Business process mining from e-commerce web logs

  • Authors:
  • Nicolas Poggi;Vinod Muthusamy;David Carrera;Rania Khalaf

  • Affiliations:
  • Technical University of Catalonia (UPC), Barcelona, Spain,Barcelona Supercomputing Center (BSC), Barcelona, Spain;IBM T. J. Watson Research Center, Yorktown, New York;Technical University of Catalonia (UPC), Barcelona, Spain,Barcelona Supercomputing Center (BSC), Barcelona, Spain;IBM T. J. Watson Research Center, Yorktown, New York

  • Venue:
  • BPM'13 Proceedings of the 11th international conference on Business Process Management
  • Year:
  • 2013

Quantified Score

Hi-index 0.00

Visualization

Abstract

The dynamic nature of the Web and its increasing importance as an economic platform create the need of new methods and tools for business efficiency.
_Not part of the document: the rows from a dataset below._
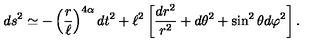
d s ^ { 2 } \simeq - \left( { \frac { r } { \ell } } \right) ^ { 4 \alpha } d t ^ { 2 } + \ell ^ { 2 } \left[ { \frac { d r ^ { 2 } } { r ^ { 2 } } } + d \theta ^ { 2 } + \sin ^ { 2 } \theta d \varphi ^ { 2 } \right] .
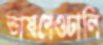
ভাষণেওঢালি
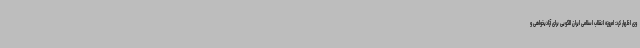
وی اظهار کرد: امروزه انقلاب اسلامی ایران الگویی برای آزادیخواهی و
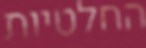
החלטיות
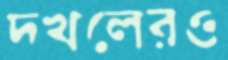
দখলেরও
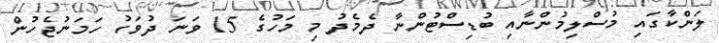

Current Web analytic tools do not provide the necessary abstracted view of the underlying customer processes and critical paths of site visitor behavior. Such information can offer insights for businesses to react effectively and efficiently. We propose applying Business Process Management (BPM) methodologies to e-commerce Website logs, and present the challenges, results and potential benefits of such an approach. We use the Business Process Insight (BPI) platform, a collaborative process intelligence toolset that implements the discovery of loosely-coupled processes, and includes novel process mining techniques suitable for the Web. Experiments are performed on custom click-stream logs from a large online travel and booking agency. We first compare Web clicks and BPM events, and then present a methodology to classify and transform URLs into events. We evaluate traditional and custom process mining algorithms to extract business models from real-life Web data. The resulting models present an abstracted view of the relation between pages, exit points, and critical paths taken by customers. Such models show important improvements and aid high-level decision making and optimization of e-commerce sites compared to current state-of-art Web analytics.